White County residents today still recall the devastating tornadoes which swept across the state on March 21, 1952. In White County alone, according to local authorities, 46 people were killed and 615 injured while 658 homes and buildings were totally demolished and 831 damaged. One year later, the following account was published.
At 5:45 on the afternoon of March 21, 1952 – Black Friday it will be called always by residents of Judsonia – a series of tornadic winds concentrated their fury on this White County Community, leaving 33 persons killed outright, hundreds maimed and crippled, and more than half the dwellings and business houses totally demolished or badly damaged. Only an atomic bomb could have wrought greater havoc over one small area.
A year afterward, Judsonia is rebuilding, and has rebuilt, and the work of putting on new paint to hide old scars is a tough job. But these are tough people – tough, that is, in the sense that they are dogged and have implicit faith in God – and they will be eternally grateful for the help and encouragement given them in the form of outright financial awards by the people of the United States through the American National Red Cross.
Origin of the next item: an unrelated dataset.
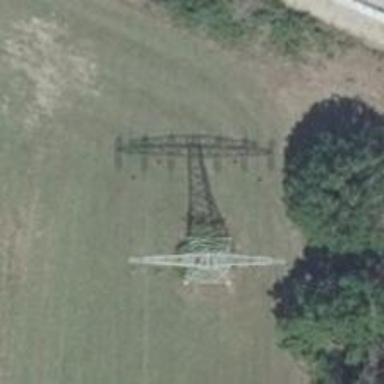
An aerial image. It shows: Three cables of power line.

In White County alone – with by far the greater proportion of funds going to residents of Judsonia – the Red Cross made direct relief grants of $663,433.94 out of awards exceeding $1,500,000 in Arkansas and seven other states. These funds were awarded through the local White County Chapter, American Red Cross, which, with scores of chapters throughout Arkansas, had sprung into action within minutes after disaster had struck.
This sum was expended for the construction of new homes, individual business enterprises, household furnishings, hospital and medical bills, nursing and sanitation equipment, farm supplies, livestock and food, clothing and miscellaneous maintenance expenses. These sums were outright gifts. They were not loans or advances to be repaid. They were monies donated by the American people to help their neighbors when such help becomes necessary.
And what is Judsonia like today?
Here’s how Judsonia Mayor Ralph Van Meter, printer and publisher of the weekly White County Record, sums it up: "The gas and light companies have more connections today than they had before the tornado. New houses which have been built have facilities that some of the families concerned never had before. Those of our residents who left town following the disaster either have returned and have rebuilt or started to rebuild and those who have not yet come back have let us know they are going to do so.
"The American Red Cross," Van Meter said recently, "did a lot of good here. There wouldn’t have been half the houses built back that have been in Red Cross had not helped as they did."
John Henson , who is one of Judsonia’s leading citizens, says, "Everybody appreciates what Red Cross did here. Even those who didn’t qualify for assistance are grateful for what was done for their neighbors."
These are handsome statements from two men who because of their personal resources by no stretch of the imagination could have qualified for assistance from the Red Cross. Both of them, Van Meter and Henson, took enormous losses on their business investments and on their personal holdings, as a result of the tornado, but each is going ahead, rebuilding and investing funds in new business enterprises and generally setting an example of which the American people can be proud.
And what of the people of Judsonia who did need help? How do they feel, those whose homes and businesses were destroyed? Let’s take a sampling.
Here’s a family with several members located in different White County communities.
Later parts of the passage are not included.